Have you found any evidence, Steve, that the residential building permits issued in the last half of the prior decade are for structures that are smaller to any significant degree or consistency? Has the collapse of the housing market, in other words, signaled in any meaningful way the end of the era of the McMansion, or are we simply looking at the natural consequence of an economy with a serious illness?

An old guy myself, I’ve lived in rented apartments, rented houses, owned a condo and single-family houses of modest size on modest-sized lots. As a practicing artist, I doubt that I fit what appears to be the housing trend that’s the focus of the article. I’ve been an “empty-nester” for 20 years, but, of the four housing choices I’ve listed, I much prefer, even as I approach 70 years of age, the last one, though I should emphasize again my preference for housing of modest size.

Yes, single-family ownership brings with it a host of costs and aggravations in terms of maintenance and “chores,” but I’ve not found a landlord who’s willing to let me convert part of his space to a studio for my work, and I can’t afford to rent separate studio and housing spaces. Apartment living doesn’t allow me to work as I need to because of noise issues, and that goes for condo life, as well. In fact, my bias is that condo living represents the worst of both rental and ownership worlds – all the negative issues of apartment living, plus paying property taxes on what in most states, legally, is merely space – and all in exchange for a mortgage-interest tax deduction that may well vanish in a few years with tax code revision.Thus, I still favor single-family ownership – in what I think would qualify as “medium” density – as long as I’m physically able to do the necessary upkeep. It allows me living space and work space for a cost-per-square-foot that the others can’t match.

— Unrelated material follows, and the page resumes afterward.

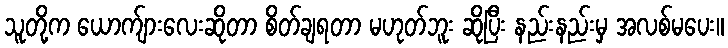
သူတို့က ယောက်ျားလေးဆိုတာ စိတ်ချရတာ မဟုတ်ဘူး ဆိုပြီး နည်းနည်းမှ အလစ်မပေး။

Beyond my personal circumstance, however, I continue to wonder if the lower consumption of land genuinely indicates a new housing paradigm, as Mr. Peterson suggests, or is merely a reflection of a sick economy that has shed many thousands of construction jobs as home and 401(k) portfolio values have plummeted? While the number of permits for single-family detached homes is rather dramatically different, I’m still left wondering if there’s been some sort of permanent change in public attitudes toward low-density housing and development, or if the changes noted are due mostly to factors beyond the control of home buyers and builders.